Information systematists could expect from GM is determining whether populations are drawn from multiple species and how they can be discriminated [36]. Here we suggest the use of GM to classify unknown specimens according to known reference species, and we show that to reduce artefactual classification errors, both unknown and reference specimens should be digitized by a single user. This is possible if the reference material is made available to the user from a free access online bank of images. Instead of transporting specimens from one user to another, their images can be made available thanks to web based technologies. The solution proposed here is mostly applicable to 2-D data that can be collected from photographs.

We suggest that the pictures deposited in the bank of reference images be labeled with geographic locality and data of collection time, this will provide the possibility for investigating intraspecific variation. Population structure studies are then also possible.

Availability and requirements

1. Project name: CLIC (Collection of Landmarks for Identification and Characterization)

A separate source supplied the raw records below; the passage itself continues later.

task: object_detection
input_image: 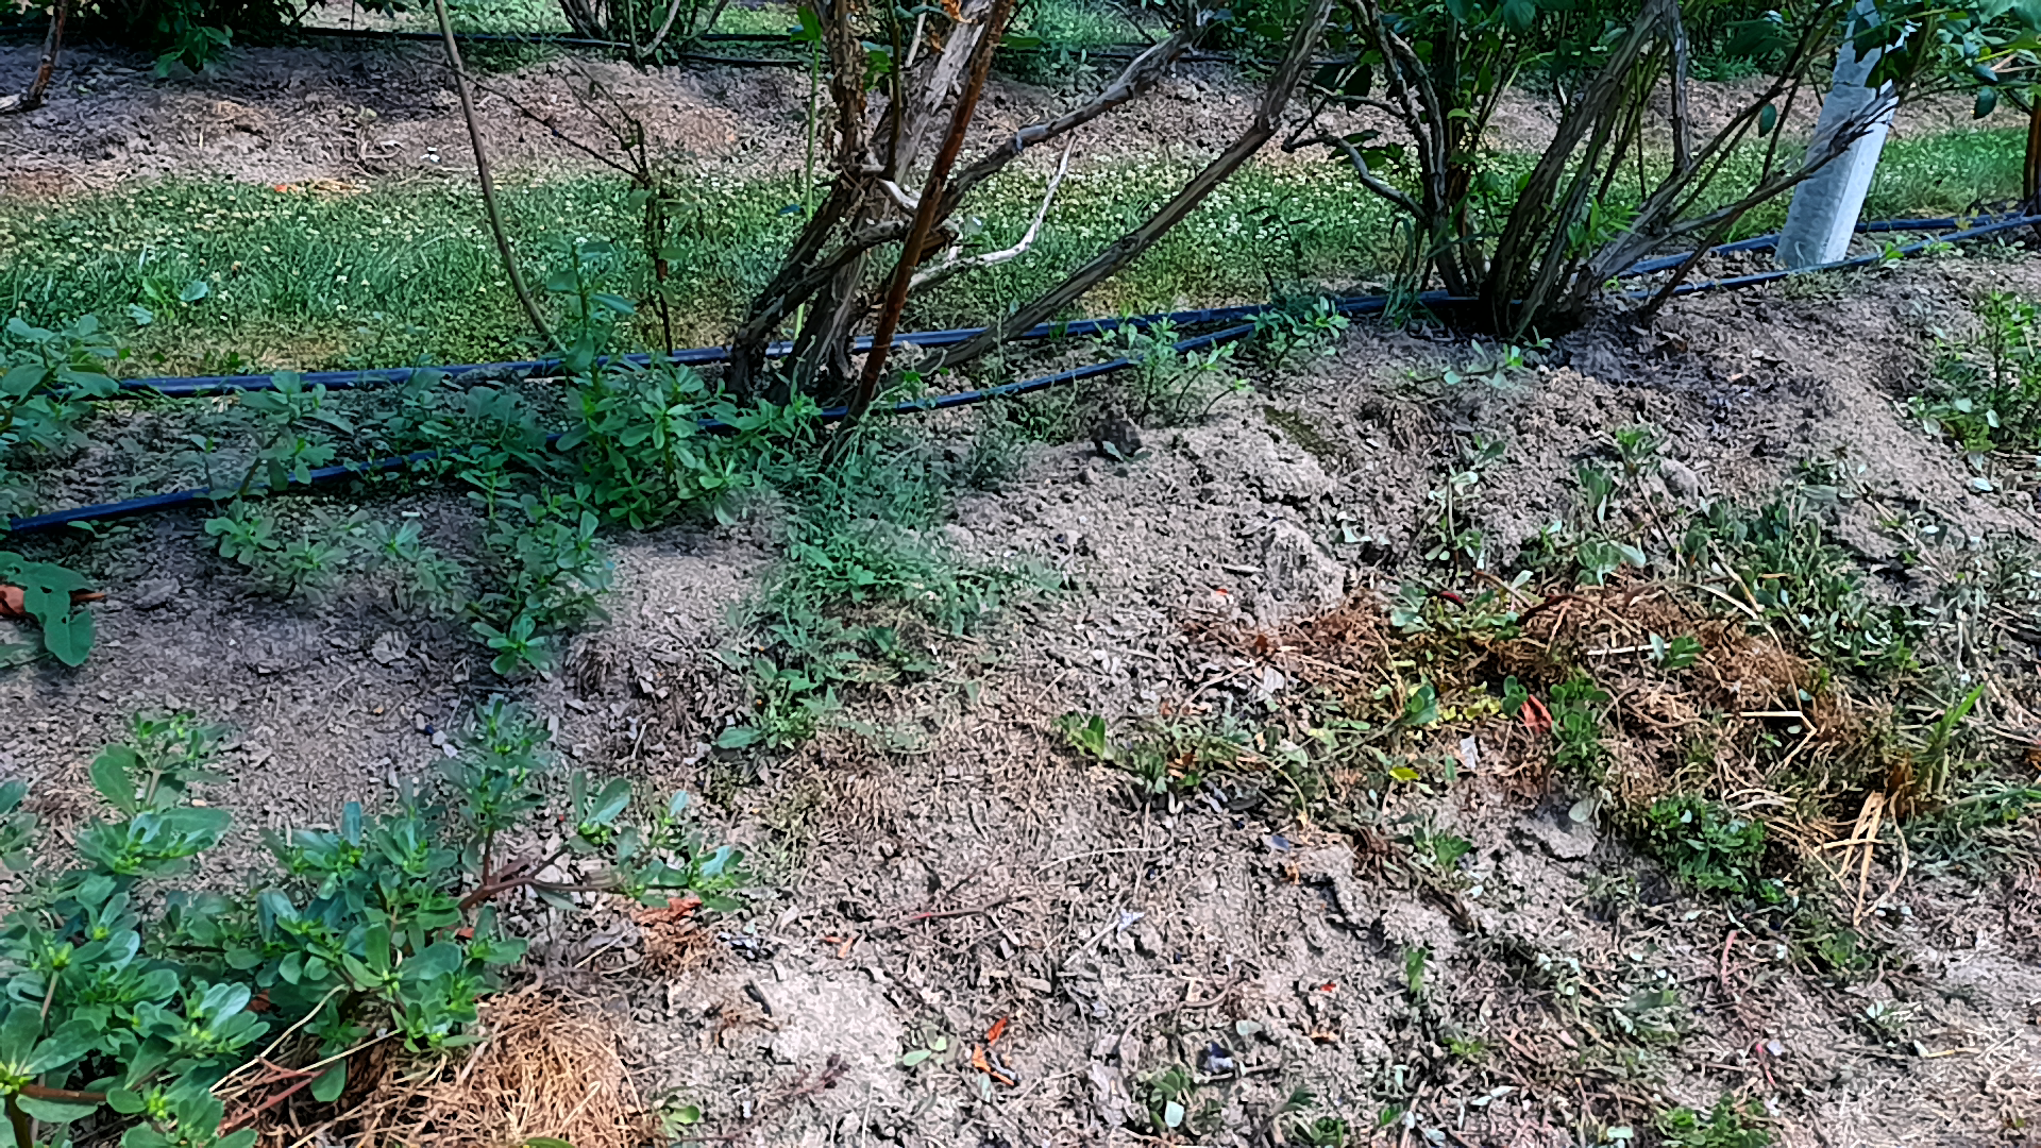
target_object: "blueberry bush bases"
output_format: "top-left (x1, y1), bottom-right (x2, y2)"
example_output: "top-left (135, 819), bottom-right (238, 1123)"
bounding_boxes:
top-left (678, 215), bottom-right (1069, 512)
top-left (1349, 176), bottom-right (1717, 389)
top-left (541, 1), bottom-right (740, 73)
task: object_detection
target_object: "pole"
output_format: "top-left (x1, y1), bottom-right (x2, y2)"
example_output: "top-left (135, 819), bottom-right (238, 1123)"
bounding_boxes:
top-left (1788, 9), bottom-right (1913, 259)
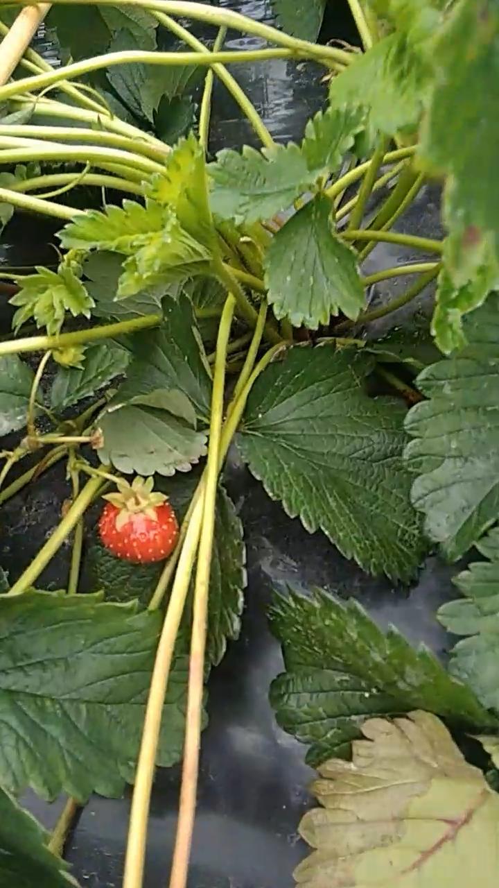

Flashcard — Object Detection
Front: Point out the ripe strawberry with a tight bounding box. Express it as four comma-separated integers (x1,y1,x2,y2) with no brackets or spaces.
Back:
96,491,186,567
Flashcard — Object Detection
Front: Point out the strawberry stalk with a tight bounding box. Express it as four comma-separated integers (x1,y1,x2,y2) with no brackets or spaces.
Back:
62,459,148,512
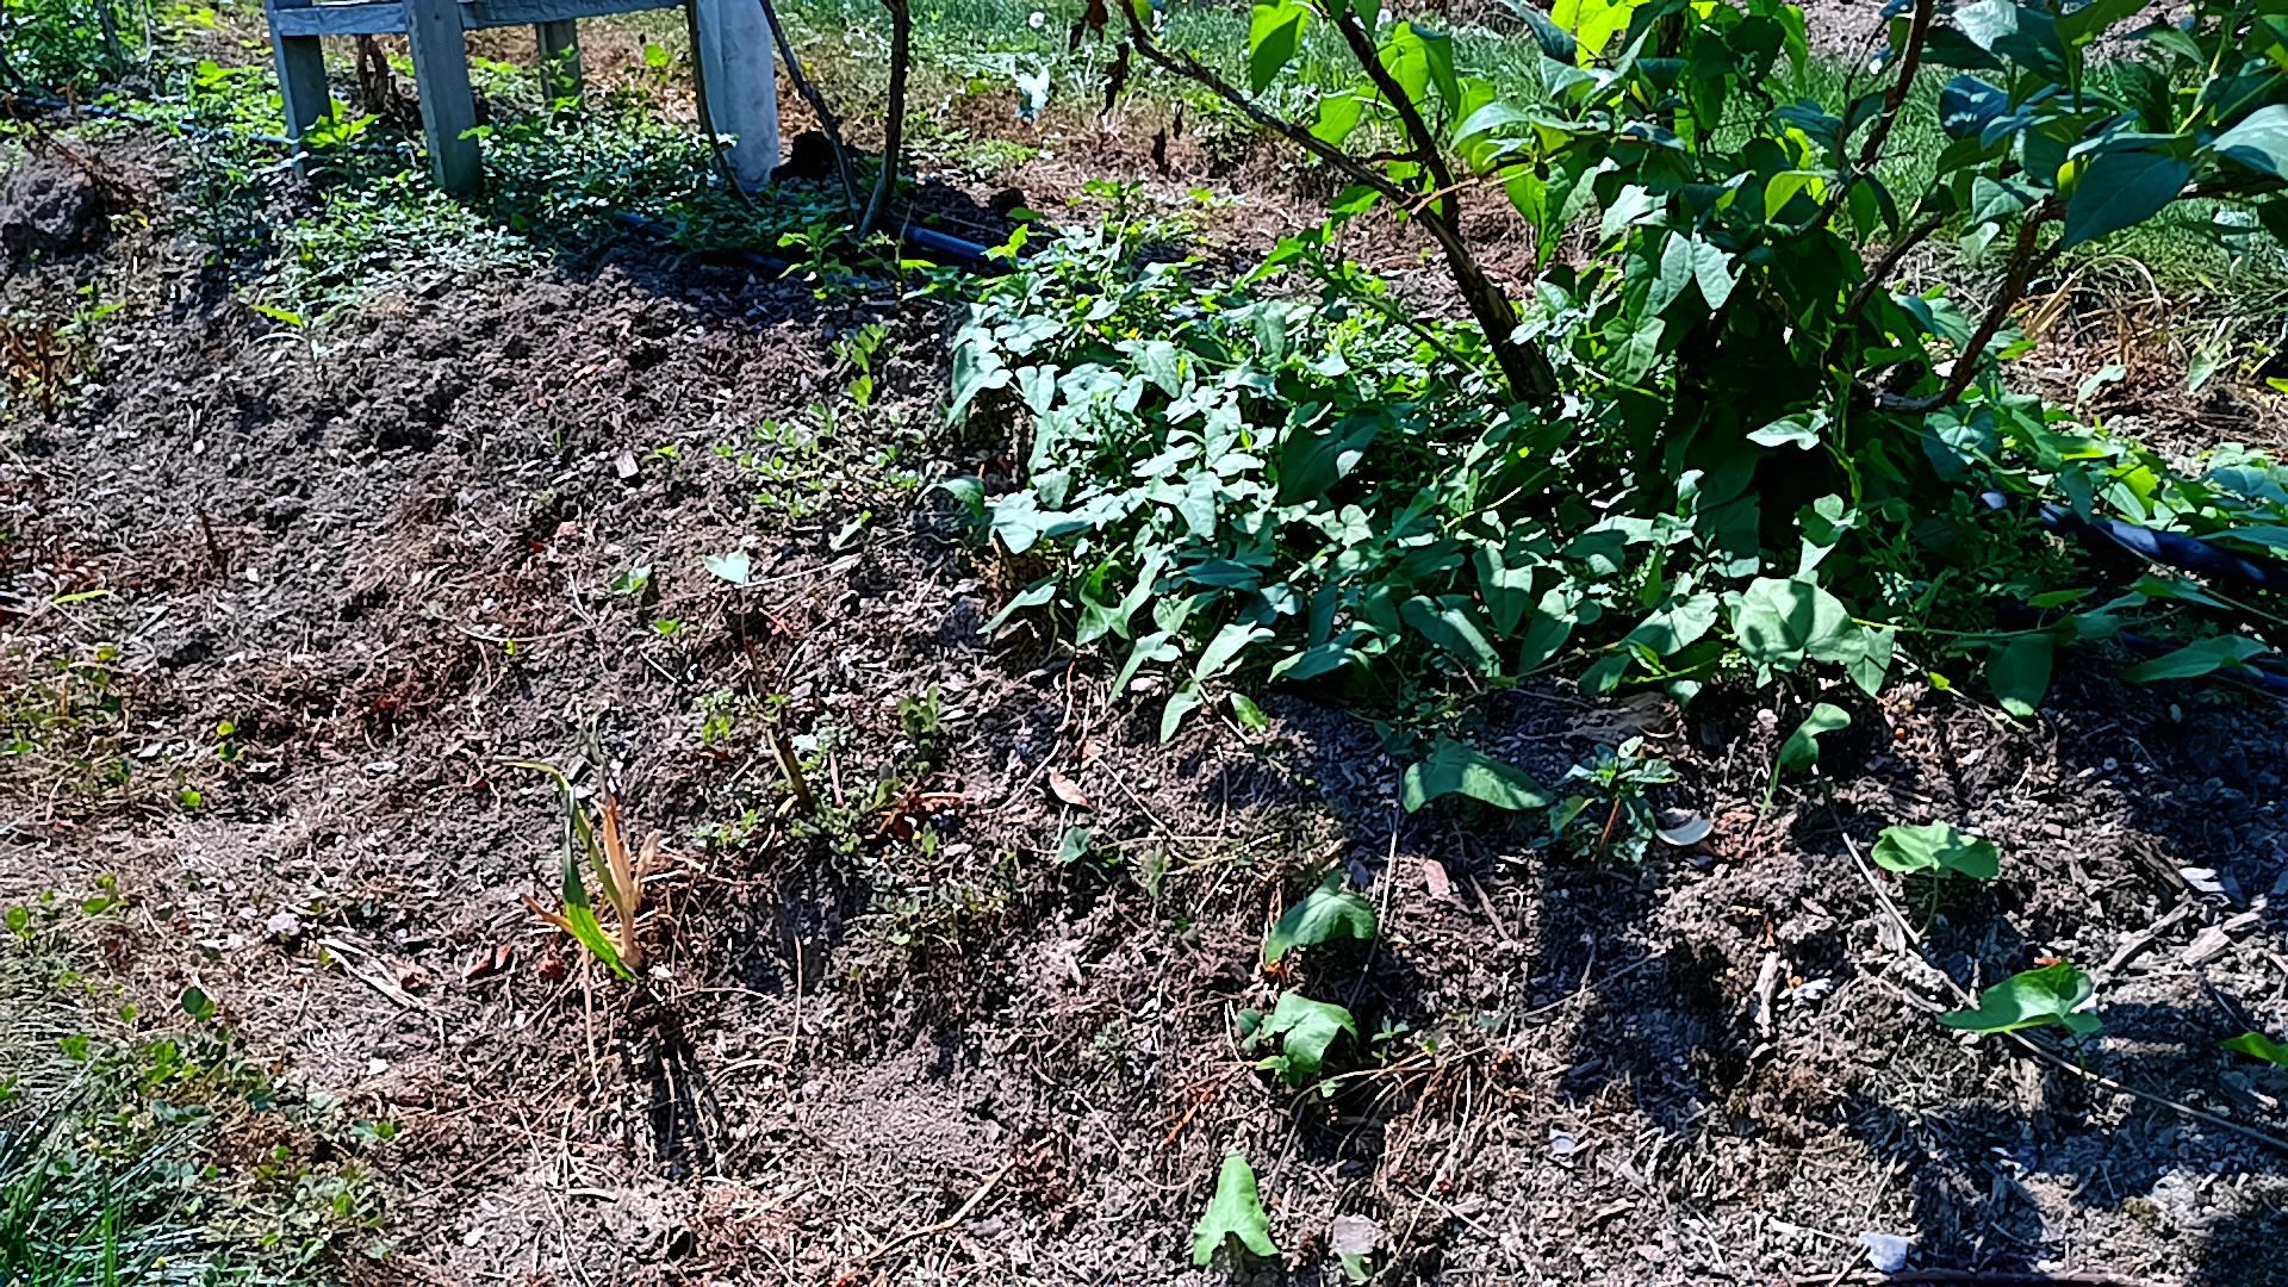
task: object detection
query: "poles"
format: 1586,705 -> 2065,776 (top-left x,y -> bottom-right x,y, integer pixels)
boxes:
402,3 -> 496,224
265,2 -> 349,219
692,3 -> 789,216
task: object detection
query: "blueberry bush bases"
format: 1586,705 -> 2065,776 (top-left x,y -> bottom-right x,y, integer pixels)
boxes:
797,5 -> 926,277
1168,42 -> 2161,621
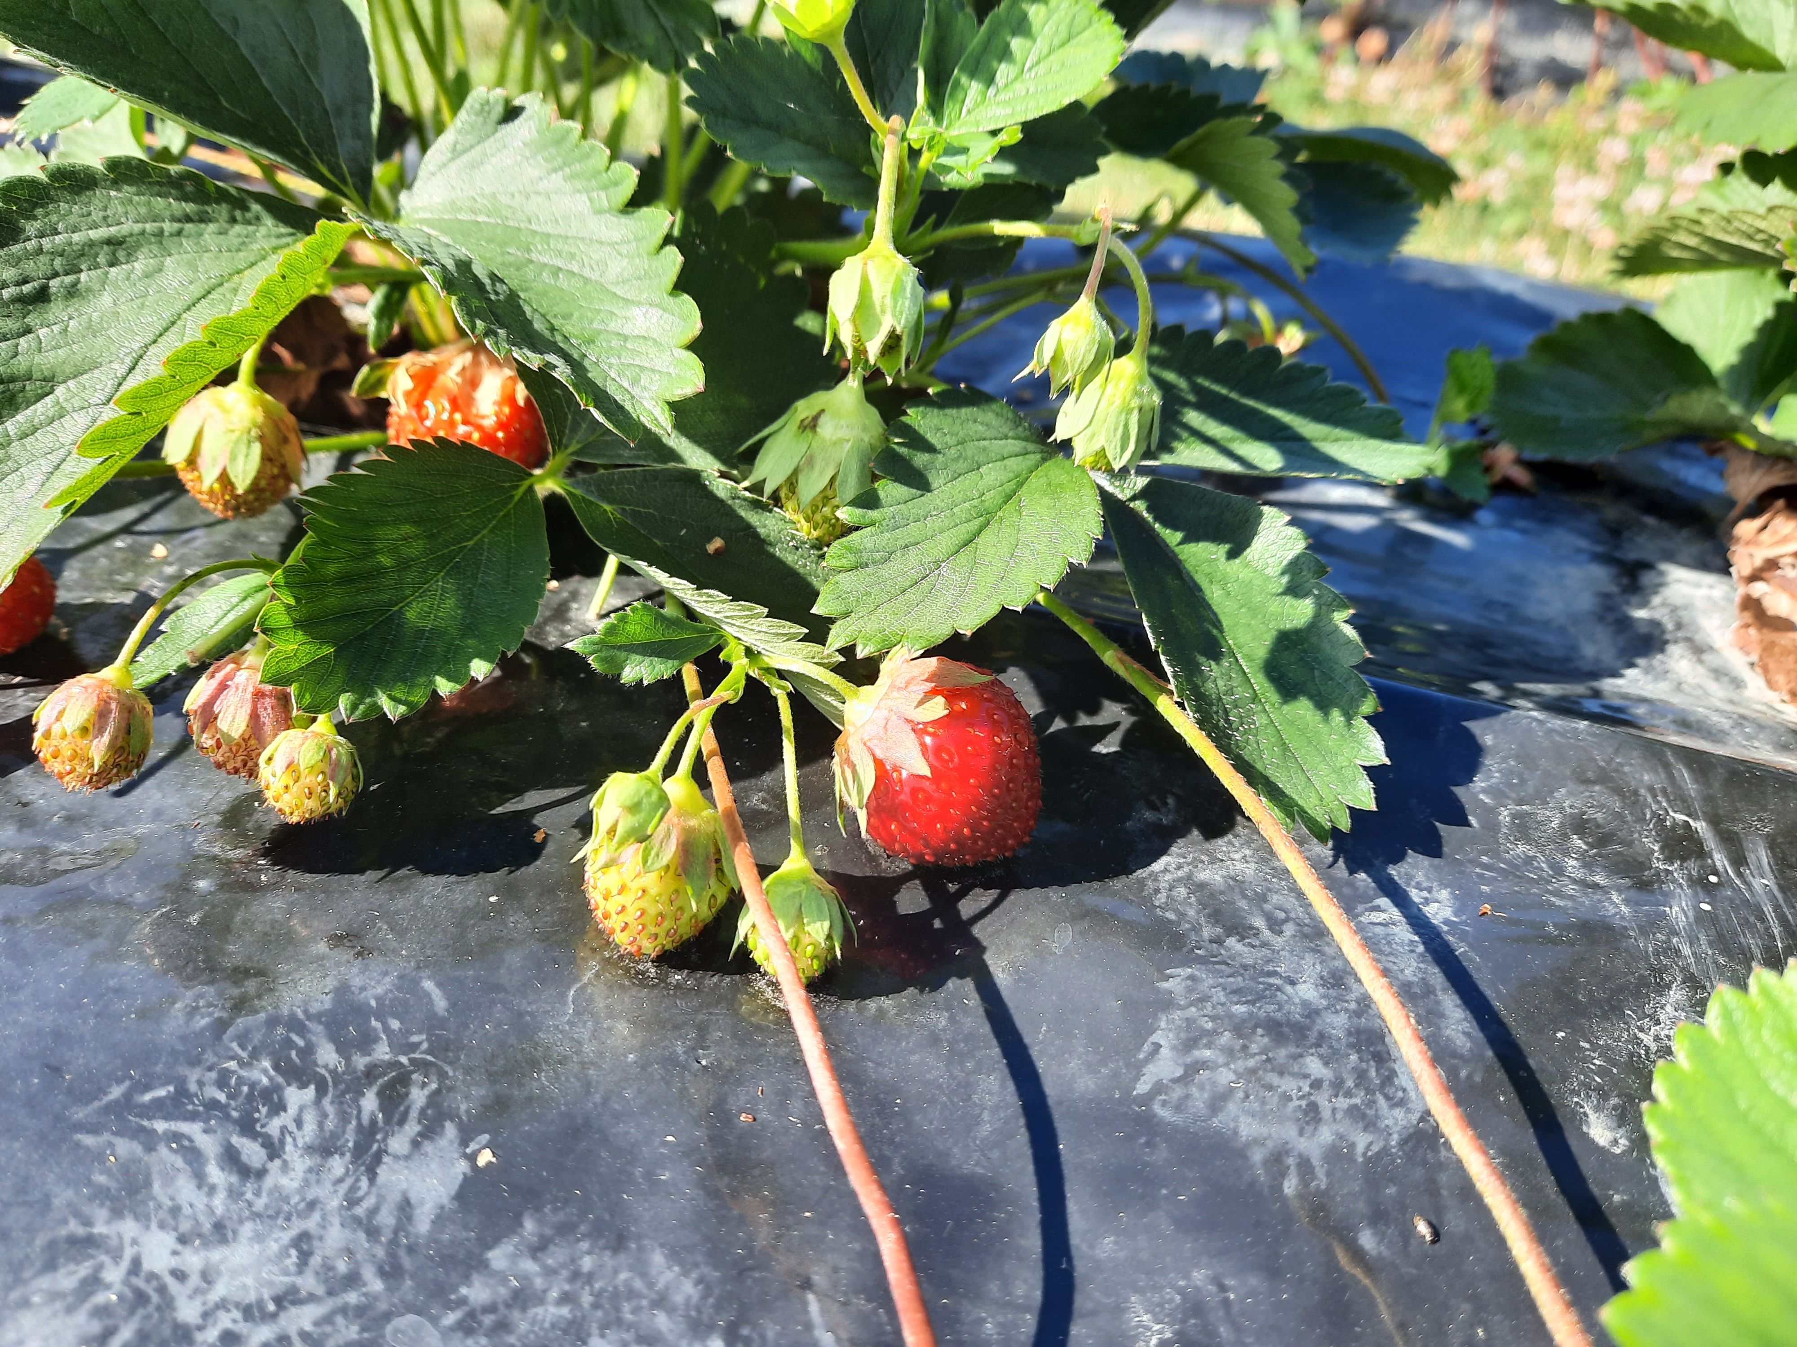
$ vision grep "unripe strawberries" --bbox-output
[157,384,296,513]
[584,786,730,956]
[36,669,150,791]
[758,879,839,980]
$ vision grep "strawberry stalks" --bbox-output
[748,650,879,741]
[100,591,177,695]
[673,697,725,813]
[226,306,276,417]
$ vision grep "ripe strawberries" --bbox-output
[384,343,544,506]
[836,675,1056,877]

2. Project home page: http://www.mpl.ird.fr/morphometrics/clic/index.html

3. Operating system(s): Uploading images is platform independent. The CLIC package is currently available for Windows and Linux platforms only.

4. Programming language: HTML, TclTk (CLIC package)

5. Other requirements: The uploading process is currently performed by the author of the CLIC initiative. Images can be sent using for instance an online file sharing software connected to the dujardinbe@gmail.com email address.

6. License: The CLIC package is under GPL license.